Brian sorrise magnanimamente e scosse la testa.
- Sai bene quanto me che non c’è niente da fare. – Deglutì, e quasi spaventato dalla propria reazione si accarezzò preoccupato il pomo d’Adamo. – Passerà. Le altre volte è passata, no? –
- E’ come le altre volte? – chiese Stefan, fissando il vetro trasparente del tavolo sotto al quale i disegni del tappeto apparivano confusi e mostruosamente ingranditi.
Brian si inumidì le labbra, pensoso. I suoi occhi si persero nel vuoto. Con una risatina forzata, fece segno che non lo sapeva.
- Non faccio la hit parade delle sofferenze d’amore. – rispose poi, accendendosi l’ennesima sigaretta con un sorrisino timido. Sorrideva così spesso, e così a vuoto, che a Stefan venne voglia di abbracciarlo. – Diciamo che è da tanto che non mi sento così… incompleto. Così sperduto. L’ultima volta… -
Stefan gli strinse un braccio.
- Me la ricordo. –
Brian emise un verso d’apprezzamento.
- Complimenti. Mi daresti ragguagli? Non ho la tua memoria. – disse, sinceramente interessato. Stefan fece schioccare la lingua.
- Bugiardo. –
- Vigliacco, diciamo. –
Si sorrisero.
 
Sospirò, la fronte appoggiata contro il vetro della finstra reso gelido dalla pioggia.

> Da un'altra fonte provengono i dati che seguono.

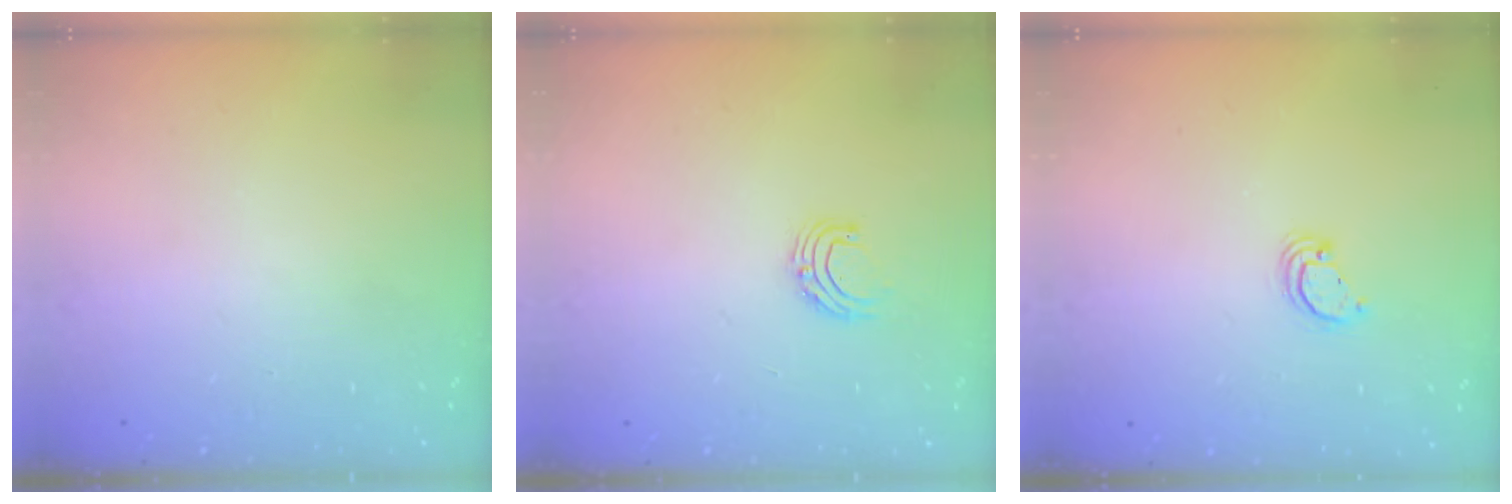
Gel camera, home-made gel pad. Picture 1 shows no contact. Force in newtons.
{"total": 5.5, "press": 5.5, "slide": 0.6}
{"total": 2.9, "press": 2.9, "slide": 0.1}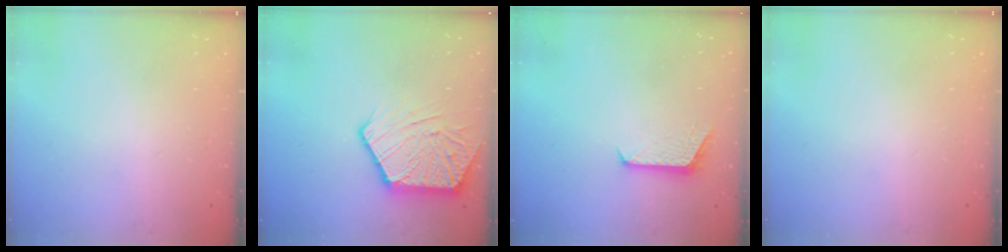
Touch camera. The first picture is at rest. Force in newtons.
{"total": 14.0, "press": 13.9, "slide": 1.4}
{"total": 6.4, "press": 6.4, "slide": 0.5}
{"total": 0.0}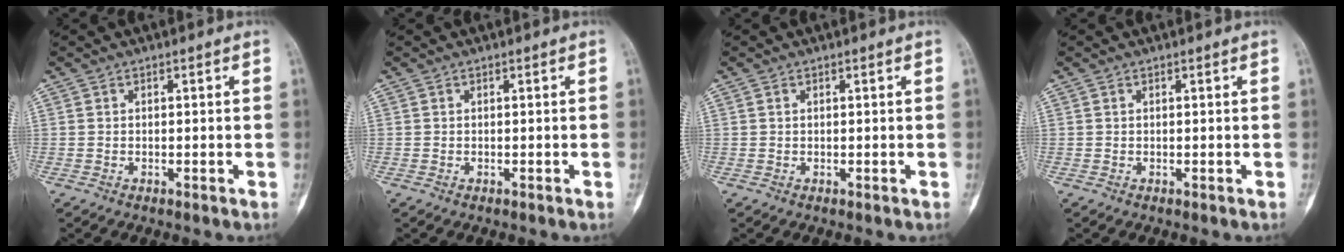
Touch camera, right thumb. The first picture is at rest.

- Hai mai provato – disse, la voce rotta, le occhiaie che la luce opaca del temporale tingeva di azzurrino, - hai mai provato un dolore tale da scavarti la testa come un cancro? Una sofferenza che ti accompagna dal momento in cui ti alzi fino a quello in cui vai a dormire, che riposa mentre suoni e si risveglia quando il pubblico applaude… Un chiodo nel cervello che ti fa dolere gli occhi al punto che non riesci a guardare nulla, senza… senza ricordare… -
Stefan si prese la testa fra le mani e si schiacciò le tempie più forte che poté.
- L’hai mai provato, Stef…? – chiese nuovamente la sua vocina flebile, mentre lo sentiva accasciarsi sulla sedia di fronte al tavolo dove Steve aveva appoggiato quel che rimaneva della coca.

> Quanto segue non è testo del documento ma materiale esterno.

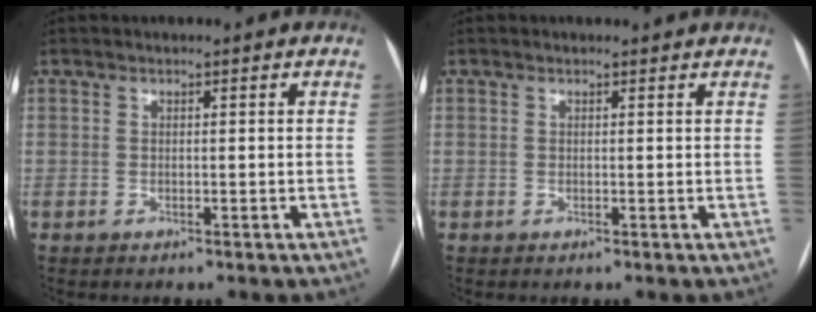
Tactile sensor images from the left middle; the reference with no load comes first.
{"total": 1.1, "force": [1.1, 0.3, 0.0], "torque": [-0.011, 0.005, 0.008]}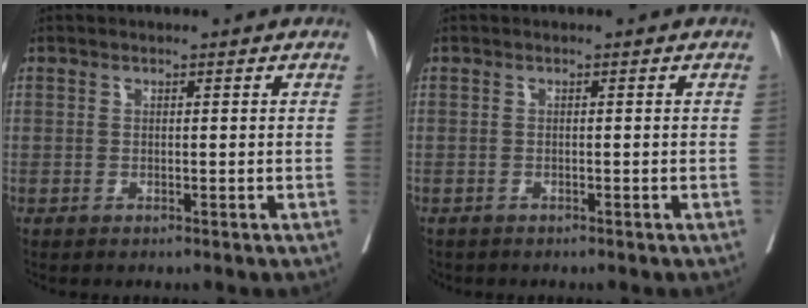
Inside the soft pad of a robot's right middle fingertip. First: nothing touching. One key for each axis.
{"total": 1.5, "fx": -1.2, "fy": 0.8, "fz": 0.3, "tx": -0.013, "ty": -0.003, "tz": -0.019}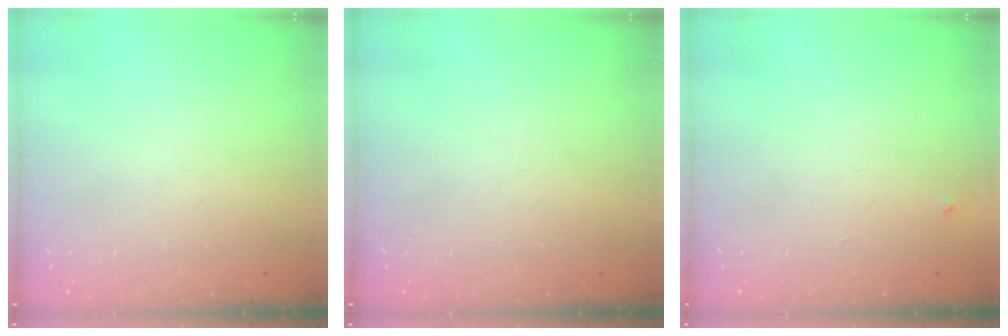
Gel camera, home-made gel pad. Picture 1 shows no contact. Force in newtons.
{"total": 0.0}
{"total": 2.3, "press": 2.3, "slide": 0.3}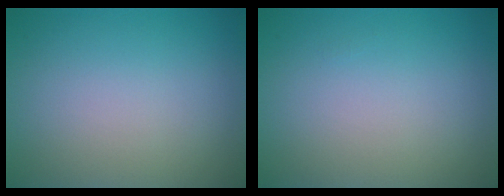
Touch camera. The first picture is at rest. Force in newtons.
{"total": 0.0}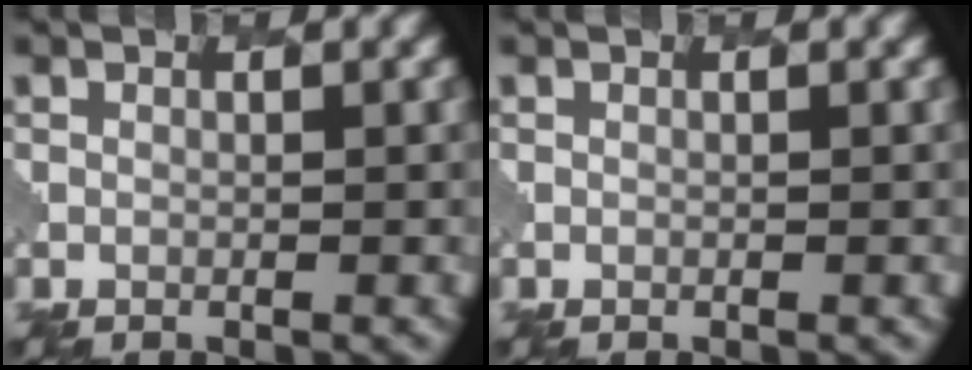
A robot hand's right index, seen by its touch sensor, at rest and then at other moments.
{"total": 0.0}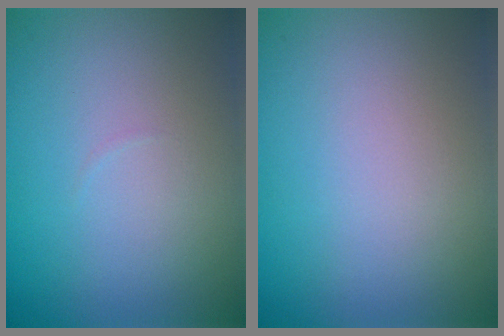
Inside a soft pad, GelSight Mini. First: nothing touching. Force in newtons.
{"total": 0.0}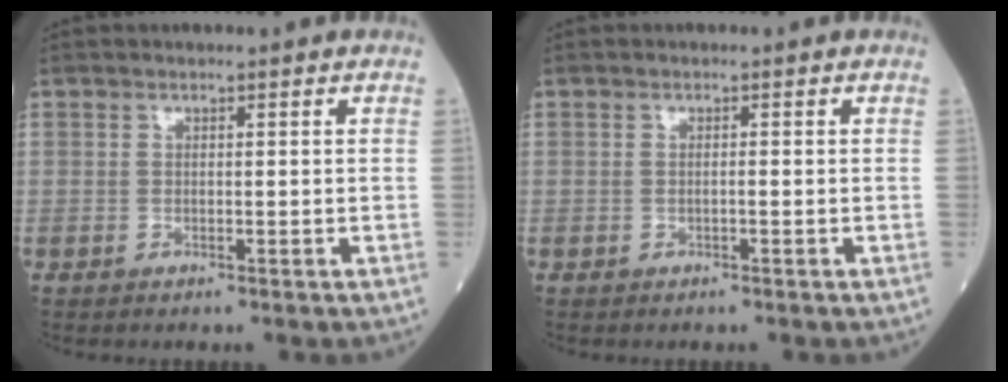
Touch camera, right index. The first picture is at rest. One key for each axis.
{"total": 0.6, "fx": -0.1, "fy": 0.0, "fz": 0.6, "tx": -0.013, "ty": 0.000, "tz": -0.002}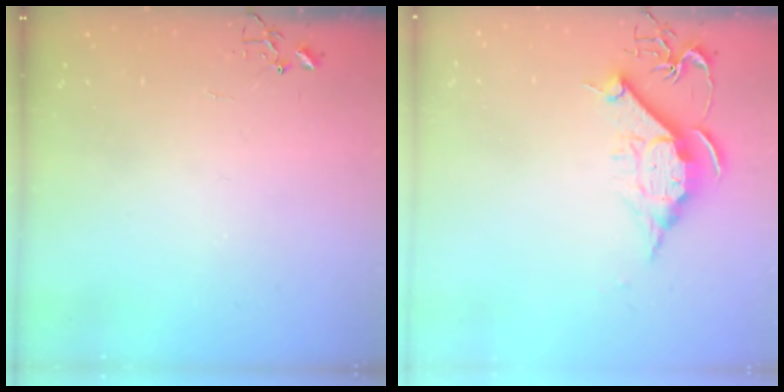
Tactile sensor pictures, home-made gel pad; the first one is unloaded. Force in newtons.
{"total": 11.7, "press": 11.7, "slide": 0.9}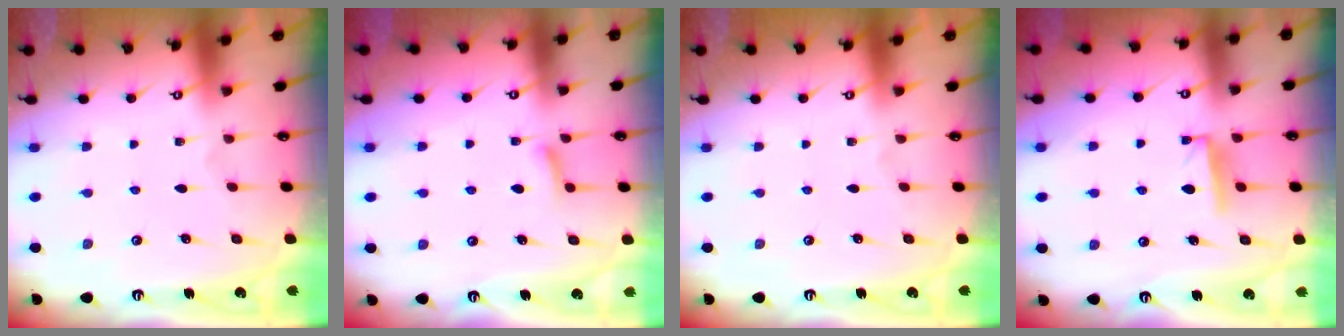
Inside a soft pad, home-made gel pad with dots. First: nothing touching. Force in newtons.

Stefan si alzò in piedi di scatto e, incapace di uscire da quella stanza, rimase a fissarlo abbassarsi sulla stagnola. Ascoltava impotente i propri respiri pesanti come piombo invadere il silenzio della stanza.

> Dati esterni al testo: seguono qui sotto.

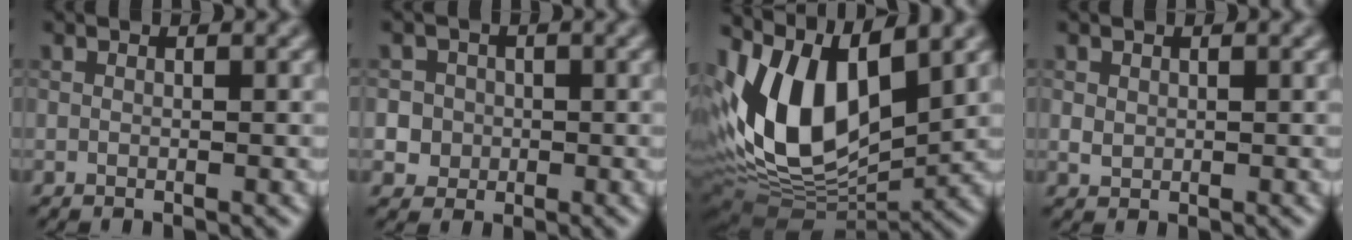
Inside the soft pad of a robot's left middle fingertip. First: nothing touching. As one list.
[{"total": 4.4, "force": [0.1, 4.3, 1.2], "torque": [-0.009, 0.019, -0.004]}, {"total": 12.3, "force": [2.9, 6.4, 10.1], "torque": [-0.205, -0.001, 0.049]}, {"total": 1.0, "force": [0.4, 0.8, 0.4], "torque": [-0.009, -0.002, 0.009]}]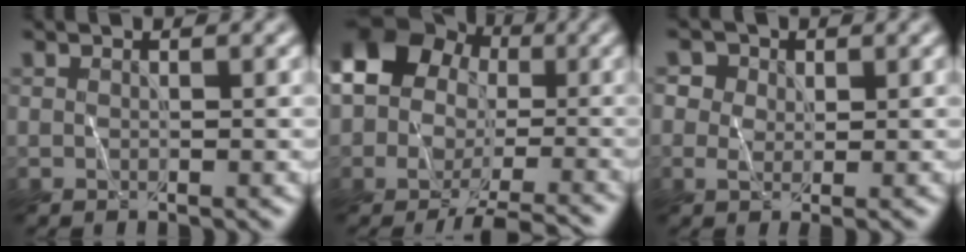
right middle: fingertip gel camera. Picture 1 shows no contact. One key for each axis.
{"total": 11.0, "fx": -2.4, "fy": 8.6, "fz": 6.4, "tx": -0.077, "ty": 0.015, "tz": -0.064}
{"total": 2.9, "fx": 1.0, "fy": 2.2, "fz": 1.7, "tx": -0.024, "ty": 0.012, "tz": 0.002}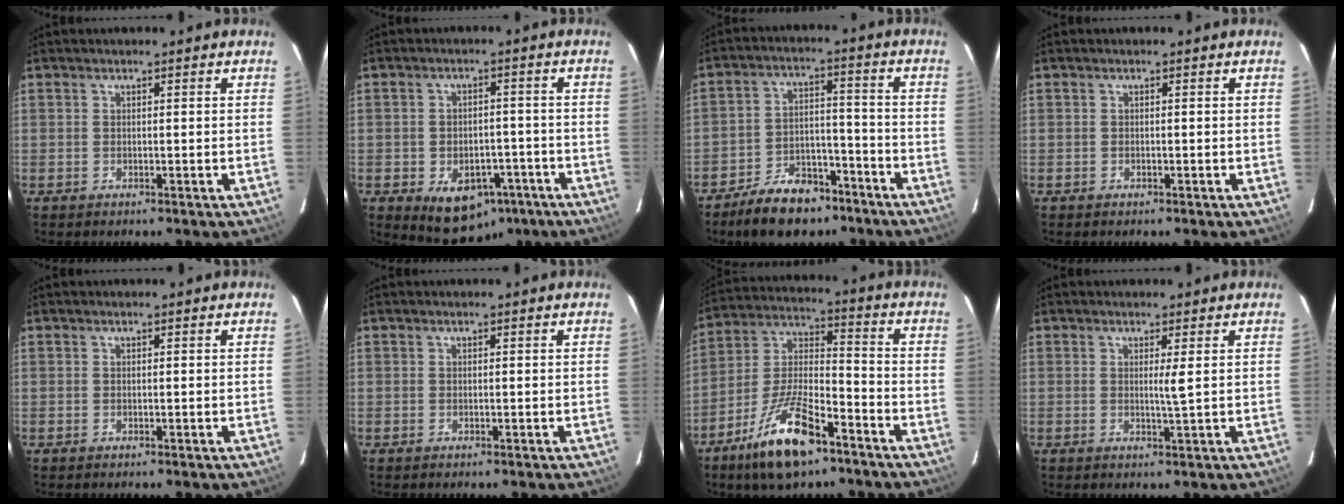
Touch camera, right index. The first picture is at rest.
{"total": 9.2, "force": [-4.8, 5.9, 5.1], "torque": [-0.071, 0.007, -0.060]}
{"total": 10.7, "force": [-8.0, 4.7, 5.3], "torque": [-0.090, 0.007, -0.137]}
{"total": 0.0}
{"total": 0.0}
{"total": 0.0}
{"total": 14.7, "force": [-9.5, 4.0, 10.5], "torque": [-0.214, -0.011, -0.173]}
{"total": 1.6, "force": [0.4, -0.4, 1.6], "torque": [-0.030, -0.004, 0.007]}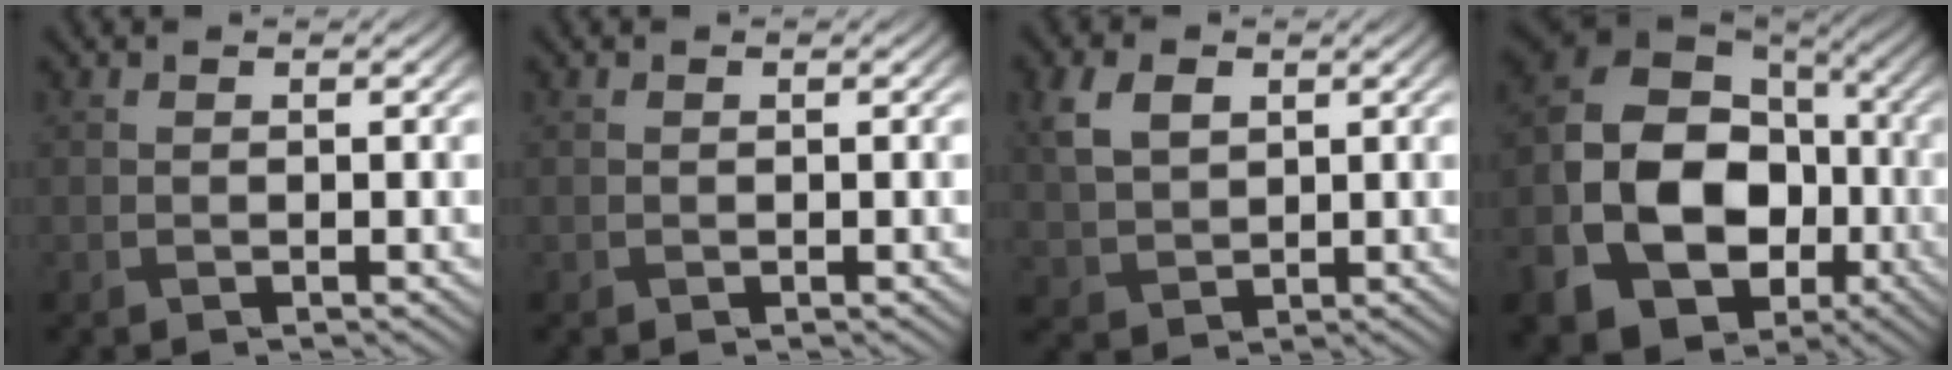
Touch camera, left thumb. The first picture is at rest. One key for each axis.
{"total": 0.0}
{"total": 5.5, "fx": 1.7, "fy": 4.0, "fz": 3.4, "tx": -0.092, "ty": 0.004, "tz": 0.036}
{"total": 20.4, "fx": -6.3, "fy": 16.1, "fz": 10.8, "tx": -0.241, "ty": -0.034, "tz": -0.121}

Voleva rispondergli. Lo voleva disperatamente.
 
 
- L’ultima volta - cominciò Stefan, la voce un po’ arrochita dal fumo, - avevi scritto “Taste In Men” -.
Brian emise un lungo fischio.
- Ah, cazzo, è vero. Julien. Porca puttana, questo non volevo ricordarmelo! – rise, strofinandosi gli occhi coi palmi delle mani. – Era stato un inferno. –
Stefan lo vide raccogliere i piedi sul divano e raggomitolarsi contro il cuscino, rabbrividendo nel pullover. Era pallido, perfettamente truccato, i capelli appena lavati lucidi sotto la grande lampada del salotto. Bellissimo, come allora. Innaturalmente perfetto.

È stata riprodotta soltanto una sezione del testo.